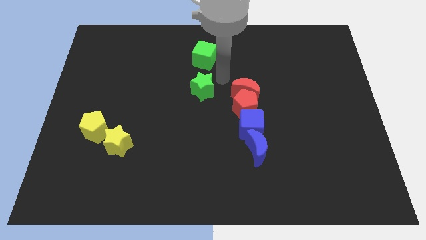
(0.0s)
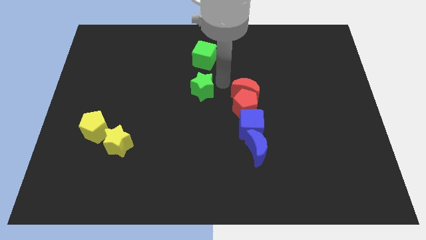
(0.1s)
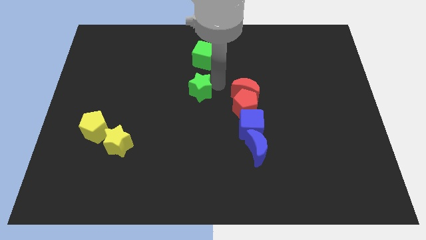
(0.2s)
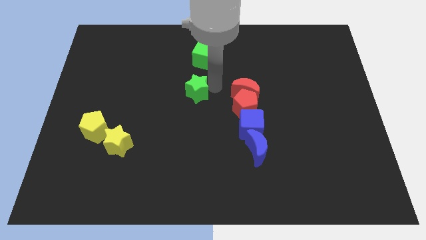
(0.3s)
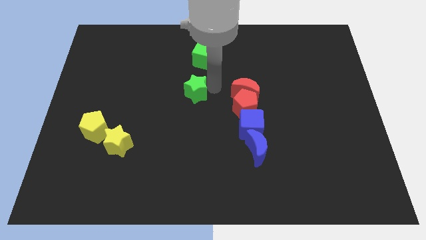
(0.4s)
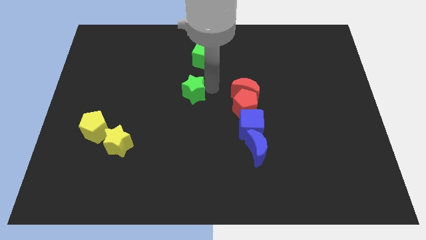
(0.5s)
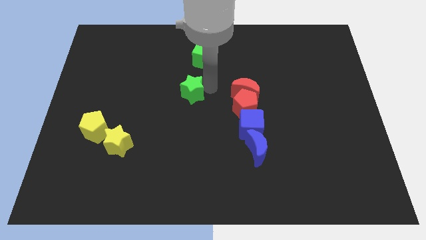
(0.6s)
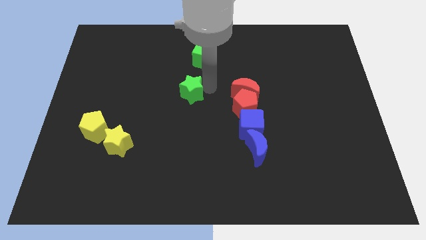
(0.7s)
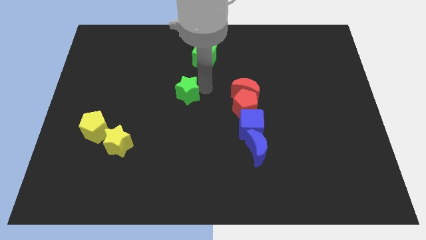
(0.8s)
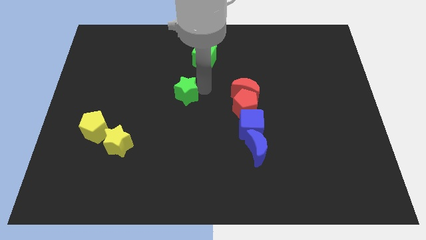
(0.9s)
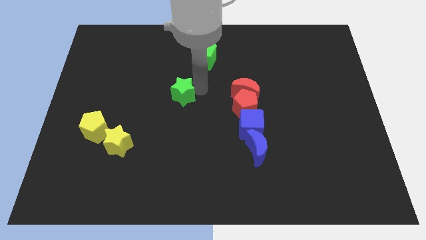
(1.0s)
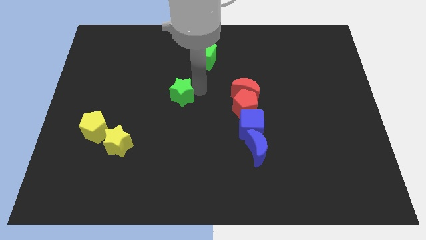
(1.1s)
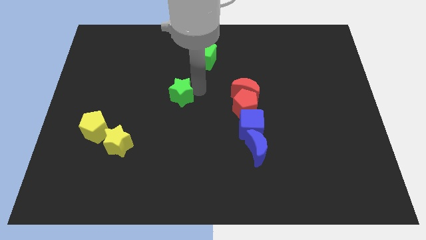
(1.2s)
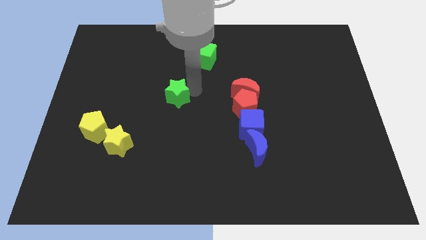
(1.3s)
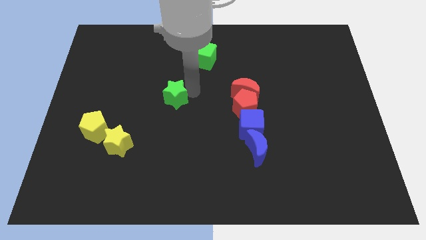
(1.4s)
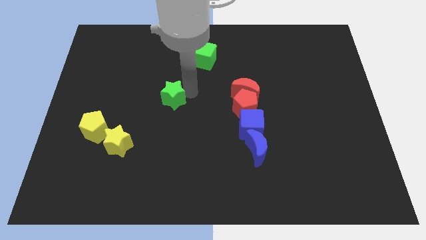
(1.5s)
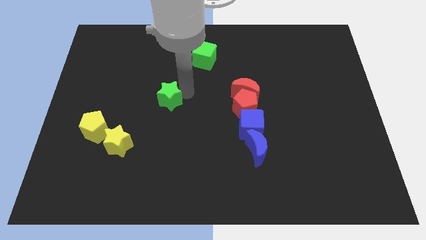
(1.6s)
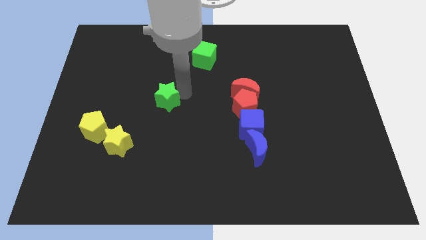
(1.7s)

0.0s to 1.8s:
push the green star diagonally in between the green cube and the yellow star

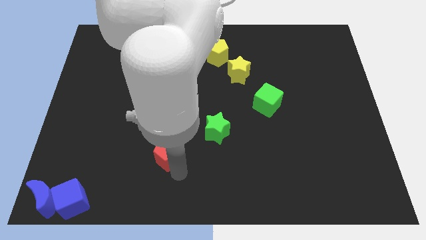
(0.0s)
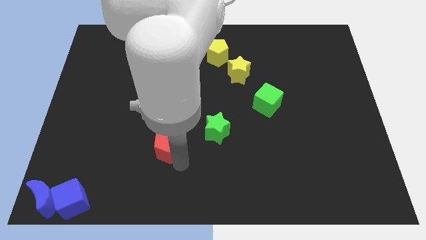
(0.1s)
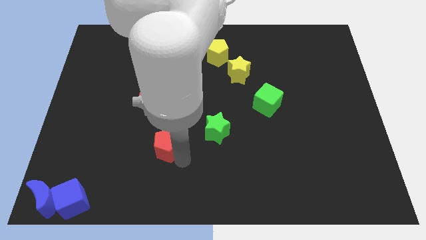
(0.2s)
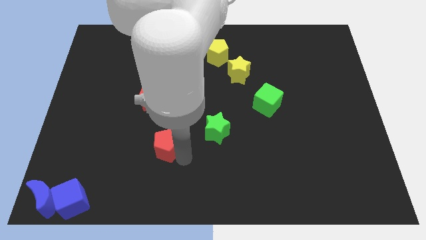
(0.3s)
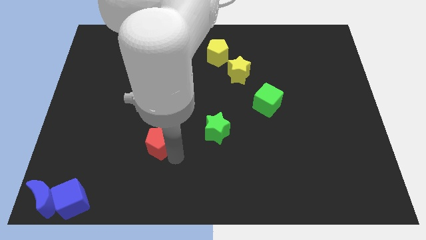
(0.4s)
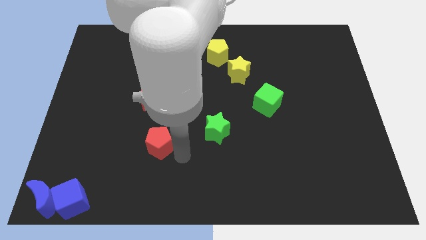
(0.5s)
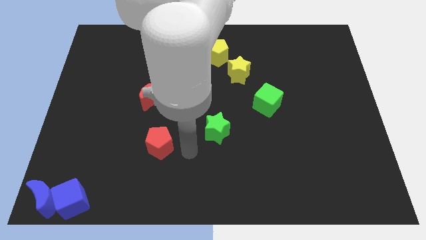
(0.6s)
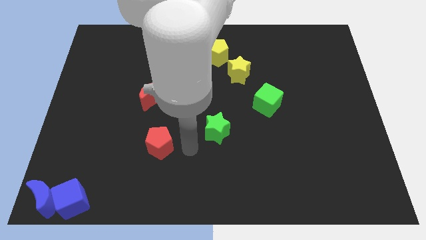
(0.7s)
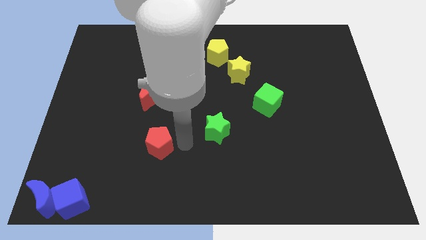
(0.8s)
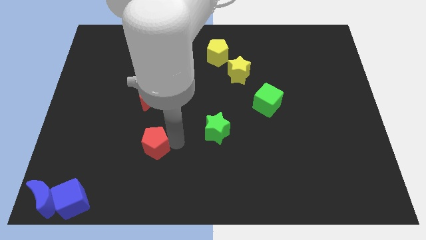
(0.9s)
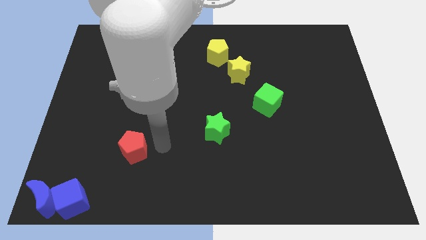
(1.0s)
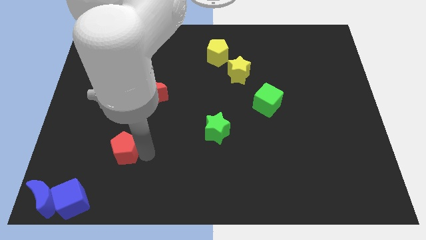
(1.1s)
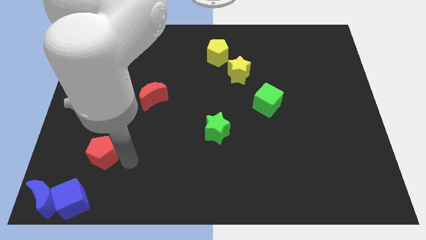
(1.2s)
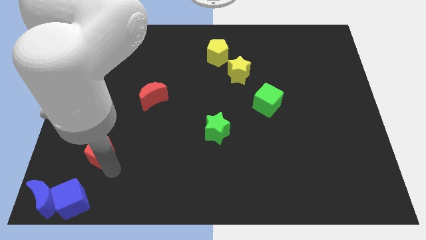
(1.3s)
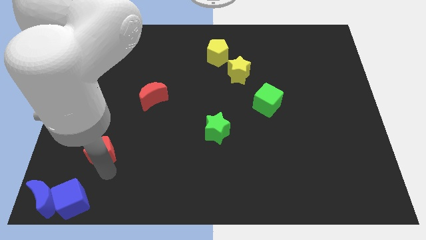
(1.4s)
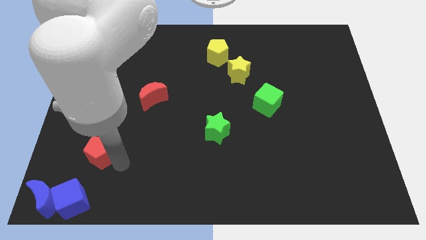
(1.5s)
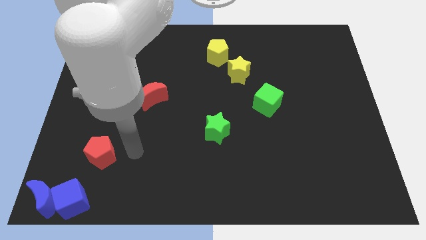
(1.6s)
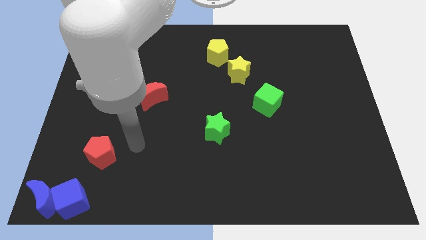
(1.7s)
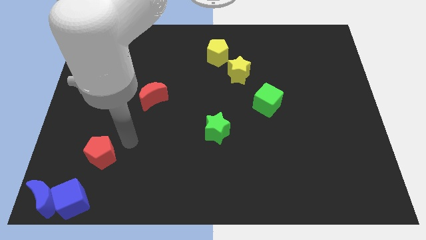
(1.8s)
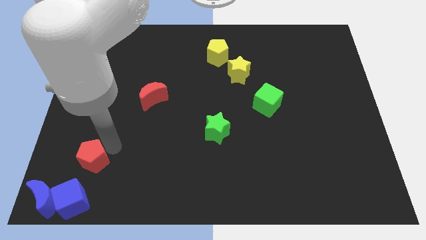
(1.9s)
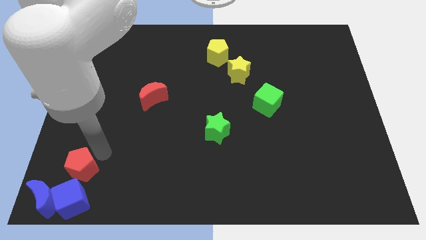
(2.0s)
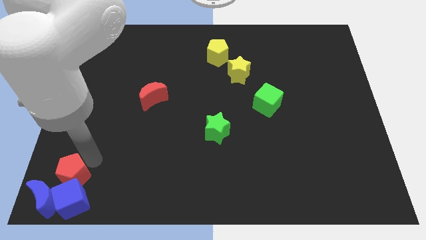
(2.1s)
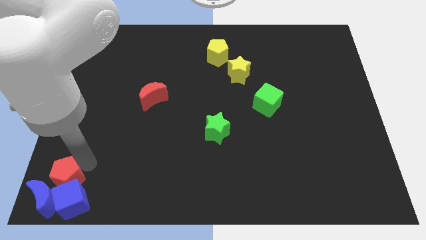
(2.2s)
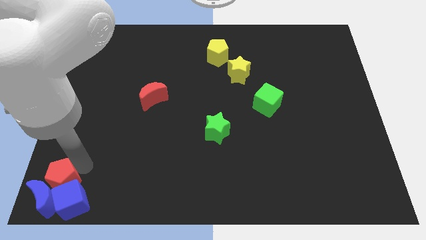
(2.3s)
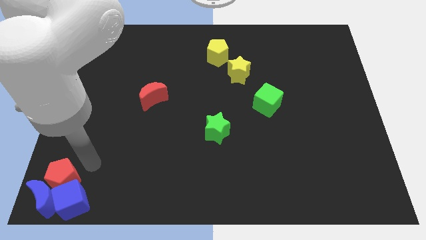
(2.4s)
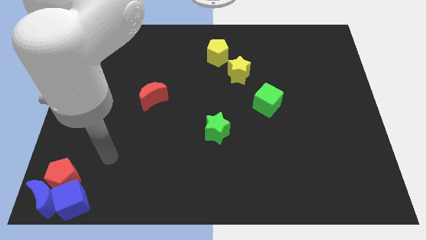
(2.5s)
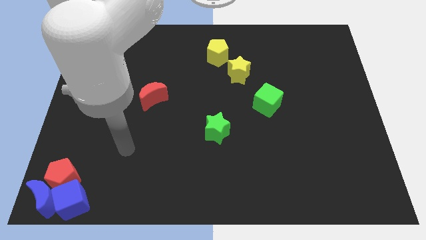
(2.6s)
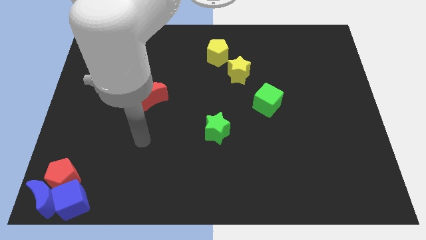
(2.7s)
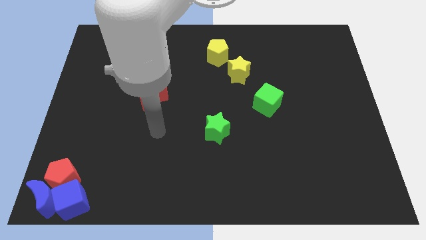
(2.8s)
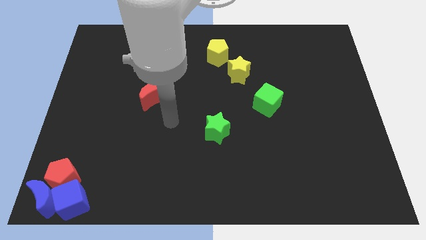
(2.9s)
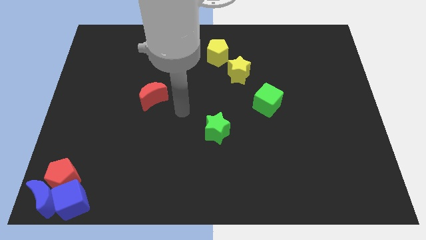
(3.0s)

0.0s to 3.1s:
push red pentagon above the blue blocks
──────────────────────────────
WHAT IS BEING ASKED – Should any entry above carry a picture, omit it and repeat everything else word for word.

RESPONSE AREA –
(0.0s)
(0.1s)
(0.2s)
(0.3s)
(0.4s)
(0.5s)
(0.6s)
(0.7s)
(0.8s)
(0.9s)
(1.0s)
(1.1s)
(1.2s)
(1.3s)
(1.4s)
(1.5s)
(1.6s)
(1.7s)

0.0s to 1.8s:
push the green star diagonally in between the green cube and the yellow star

(0.0s)
(0.1s)
(0.2s)
(0.3s)
(0.4s)
(0.5s)
(0.6s)
(0.7s)
(0.8s)
(0.9s)
(1.0s)
(1.1s)
(1.2s)
(1.3s)
(1.4s)
(1.5s)
(1.6s)
(1.7s)
(1.8s)
(1.9s)
(2.0s)
(2.1s)
(2.2s)
(2.3s)
(2.4s)
(2.5s)
(2.6s)
(2.7s)
(2.8s)
(2.9s)
(3.0s)

0.0s to 3.1s:
push red pentagon above the blue blocks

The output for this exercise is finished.